** Task goal **
With no line left out, restate the data word for word.

[Extracted entries]

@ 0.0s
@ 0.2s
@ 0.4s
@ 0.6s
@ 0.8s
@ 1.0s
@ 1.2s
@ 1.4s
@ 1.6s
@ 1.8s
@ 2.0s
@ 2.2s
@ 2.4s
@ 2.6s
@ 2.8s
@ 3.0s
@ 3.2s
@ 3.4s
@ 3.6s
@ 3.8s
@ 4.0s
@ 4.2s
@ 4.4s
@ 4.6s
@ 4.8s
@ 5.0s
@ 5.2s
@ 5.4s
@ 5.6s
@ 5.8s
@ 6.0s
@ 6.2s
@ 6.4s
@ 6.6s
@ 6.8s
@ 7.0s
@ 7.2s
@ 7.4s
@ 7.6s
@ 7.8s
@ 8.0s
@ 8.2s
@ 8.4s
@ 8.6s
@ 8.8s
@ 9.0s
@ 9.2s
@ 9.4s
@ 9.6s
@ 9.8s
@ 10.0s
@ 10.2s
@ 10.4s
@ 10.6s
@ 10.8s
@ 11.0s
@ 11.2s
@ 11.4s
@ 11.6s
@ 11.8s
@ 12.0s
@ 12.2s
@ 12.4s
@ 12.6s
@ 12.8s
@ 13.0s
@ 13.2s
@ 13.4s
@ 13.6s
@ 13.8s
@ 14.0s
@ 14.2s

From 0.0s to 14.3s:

[/Extracted entries]

** Solution to this problem **
@ 0.0s
@ 0.2s
@ 0.4s
@ 0.6s
@ 0.8s
@ 1.0s
@ 1.2s
@ 1.4s
@ 1.6s
@ 1.8s
@ 2.0s
@ 2.2s
@ 2.4s
@ 2.6s
@ 2.8s
@ 3.0s
@ 3.2s
@ 3.4s
@ 3.6s
@ 3.8s
@ 4.0s
@ 4.2s
@ 4.4s
@ 4.6s
@ 4.8s
@ 5.0s
@ 5.2s
@ 5.4s
@ 5.6s
@ 5.8s
@ 6.0s
@ 6.2s
@ 6.4s
@ 6.6s
@ 6.8s
@ 7.0s
@ 7.2s
@ 7.4s
@ 7.6s
@ 7.8s
@ 8.0s
@ 8.2s
@ 8.4s
@ 8.6s
@ 8.8s
@ 9.0s
@ 9.2s
@ 9.4s
@ 9.6s
@ 9.8s
@ 10.0s
@ 10.2s
@ 10.4s
@ 10.6s
@ 10.8s
@ 11.0s
@ 11.2s
@ 11.4s
@ 11.6s
@ 11.8s
@ 12.0s
@ 12.2s
@ 12.4s
@ 12.6s
@ 12.8s
@ 13.0s
@ 13.2s
@ 13.4s
@ 13.6s
@ 13.8s
@ 14.0s
@ 14.2s

From 0.0s to 14.3s:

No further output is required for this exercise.